Interprofessional Shared Decision-Making in the ICU

A Systematic Review and Recommendations From an Expert Panel

Andrej Michalsen, MD, MPH; Ann C. Long, MD, MS; Freda DeKeyser Ganz, PhD, RN; Douglas B. White, MD, MAS; Hanne I. Jensen, PhD, RN; Victoria Metaxa, MD, PhD; Christiane S. Hartog, MD, PhD; Jos M. Latour, PhD, RN; Robert D. Truog, MD; Jozef Kesecioglu, MD, PhD; Anna R. Mahn, RN; J. Randall Curtis, MD, MPH


Crit Care Med. 2019;47(9):1258-1266. 

In This Article

Materials and Methods

This is a project of the Section on Ethics of the European Society of Intensive Care Medicine which relies on a systematic review and normative analyses by experts to identify features of high-quality interprofessional communication and collaboration. The panel included ICU physicians and nurses as well as bioethicists. The panel conducted a systematic review of medical, nursing, critical care, and bioethical journals.

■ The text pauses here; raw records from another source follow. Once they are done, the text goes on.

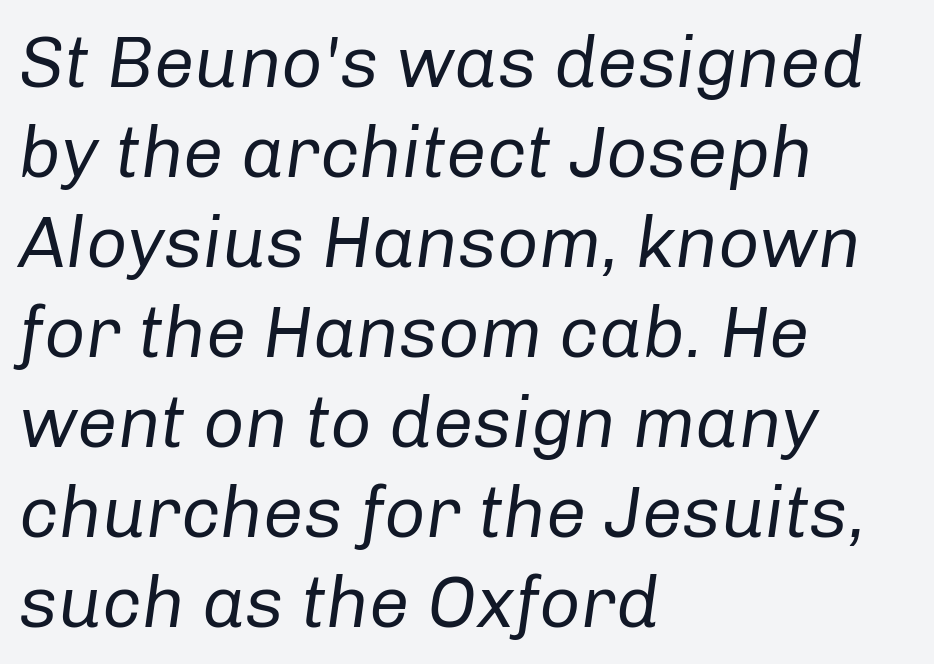
Q: Is the text bold? A: No.
Q: Is the text italic (slanted)? A: Yes, it leans right by about 8 degrees.
Q: Is the text underlined? A: No.
Q: How is the paragraph aligned? A: Left-aligned.
Q: Is the spacing between letters normal or unusually wide? A: Normal.
Q: Is the spacing between lines tight, normal or loose? A: Normal.
Q: Width (condensed, normal, or wide)? A: Normal.
Q: Stroke contrast? A: Low.
Q: x-height? A: Medium.
Q: Monospaced? A: No.

Clinical Question and Outcomes

The population-intervention-comparison-outcome (PICO) question, developed prior to the systematic review, was: "Should inter-professional shared decision-making versus no inter-professional shared decision-making be used in the care of critically ill patients?" The population is critically ill patients, the intervention is use of IP-SDM and the comparison is the absence of IP-SDM. Patient- and family-centered outcomes included: satisfaction with care, quality of communication, quality of dying, and psychologic symptoms. Clinician-centered outcomes included: interprofessional collaboration, interprofessional satisfaction with decision-making, moral distress, burnout, job satisfaction, and intent to leave.

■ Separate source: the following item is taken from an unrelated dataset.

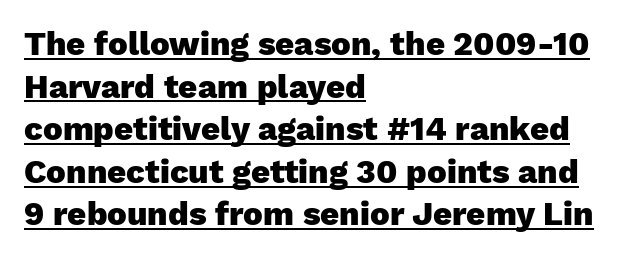
{"serif": "no", "italic": "no", "bold": "yes", "weight": "heavy", "width": "normal", "stroke_contrast": "low", "x_height": "medium", "monospaced": "no", "underline": "yes", "align": "left", "line_spacing": "normal", "line_spacing_ratio": 1.29, "letter_spacing": "normal", "letter_spacing_em": 0.0, "glyph_px": 33}

Evidence Review and Evaluation

We developed search strategies using medical subject heading keywords and text words and used these to search MEDLINE, Cumulative Index to Nursing and Allied Health Literature (CINAHL), and Cochrane databases for relevant literature. The search strategies included terms related to decision-making, interprofessional, collaboration, and intensive care (Online Supplement, Supplemental Digital Content 1,

We used the following exclusion criteria: 1) no specific focus on IP-SDM in the ICU; 2) focus on patients less than 18 years old; 3) non-English language; and 4) use of qualitative methods only. The decision to exclude qualitative literature was made a priori, based on our goal to identify quantitative data to address the PICO question; qualitative papers were included in the normative analyses. We included articles from 1975 to October 2017.

All abstracts were screened by two of three authors; when decisions to include were in question, the third adjudicated. We assessed the quality of the evidence following the Grading of Recommendations Assessment, Development and Evaluation (GRADE) approach,[28] based on the following criteria: risk of bias, precision, consistency, directness of the evidence, magnitude of effect, risk of publication bias, presence of dose-effect relationship and an assessment of the effect of residual confounding. Quality of the evidence was categorized into four levels: high, moderate, low, and very low. Meta-analysis was not performed due to heterogeneity in patient populations and outcomes.

The work of the panel was done through phone calls, e-mails, and four in-person meetings. Consensus for all recommendations was reached through deliberation; due to the small size of the panel, no formal voting process was used. Discordant minority positions were incorporated through deliberation and consensus. All decisions about GRADE were made by the authors who conducted the systematic review.


For this review, "interprofessional" is defined as an interaction between clinicians of different professions (e.g., nurses, physicians, and other healthcare professionals working in the ICU), while "interdisciplinary" is defined as an interaction between clinicians of different disciplines within the same profession (e.g., internists, anesthesiologists, surgeons). "Important clinical decisions" refers to complex treatment decisions, often affected by patients', families', and clinicians' values, goals, and preferences, that have to be made by or for patients during their treatment in the ICU. Such decisions may concern complex medical or surgical treatments; such decisions may also concern the extent of treatment indicated or the limitation of life-sustaining treatments.